▶ _Assignment_:
Reproduce every line below exactly as written; do not include the images.

▶ _Records to process_:
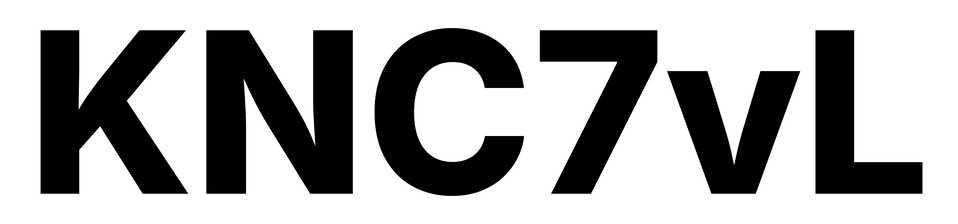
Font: Inter_ExtraBold
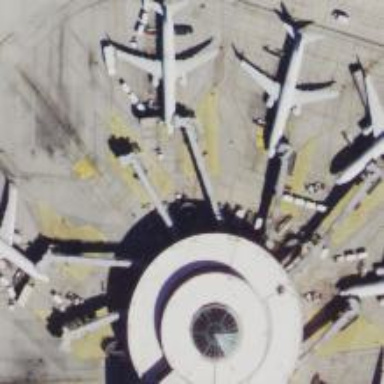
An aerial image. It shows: Airport gate.
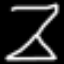
Label: hourglass
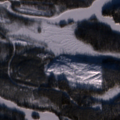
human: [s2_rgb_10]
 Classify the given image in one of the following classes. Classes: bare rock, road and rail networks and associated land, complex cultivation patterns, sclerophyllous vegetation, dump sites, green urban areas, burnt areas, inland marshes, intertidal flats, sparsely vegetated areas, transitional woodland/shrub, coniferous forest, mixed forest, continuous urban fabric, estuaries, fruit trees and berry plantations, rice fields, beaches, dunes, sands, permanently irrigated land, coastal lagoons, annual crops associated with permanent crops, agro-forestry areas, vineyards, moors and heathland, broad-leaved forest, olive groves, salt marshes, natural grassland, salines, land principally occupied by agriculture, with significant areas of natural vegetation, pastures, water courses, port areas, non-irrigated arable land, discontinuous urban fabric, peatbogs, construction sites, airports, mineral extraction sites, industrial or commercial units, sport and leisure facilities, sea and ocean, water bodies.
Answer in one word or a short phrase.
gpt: coniferous forest, mixed forest, transitional woodland/shrub, water bodies

▶ _Output below_:
Font: Inter_ExtraBold
An aerial image. It shows: Airport gate.
Label: hourglass
human: [s2_rgb_10]
 Classify the given image in one of the following classes. Classes: bare rock, road and rail networks and associated land, complex cultivation patterns, sclerophyllous vegetation, dump sites, green urban areas, burnt areas, inland marshes, intertidal flats, sparsely vegetated areas, transitional woodland/shrub, coniferous forest, mixed forest, continuous urban fabric, estuaries, fruit trees and berry plantations, rice fields, beaches, dunes, sands, permanently irrigated land, coastal lagoons, annual crops associated with permanent crops, agro-forestry areas, vineyards, moors and heathland, broad-leaved forest, olive groves, salt marshes, natural grassland, salines, land principally occupied by agriculture, with significant areas of natural vegetation, pastures, water courses, port areas, non-irrigated arable land, discontinuous urban fabric, peatbogs, construction sites, airports, mineral extraction sites, industrial or commercial units, sport and leisure facilities, sea and ocean, water bodies.
Answer in one word or a short phrase.
gpt: coniferous forest, mixed forest, transitional woodland/shrub, water bodies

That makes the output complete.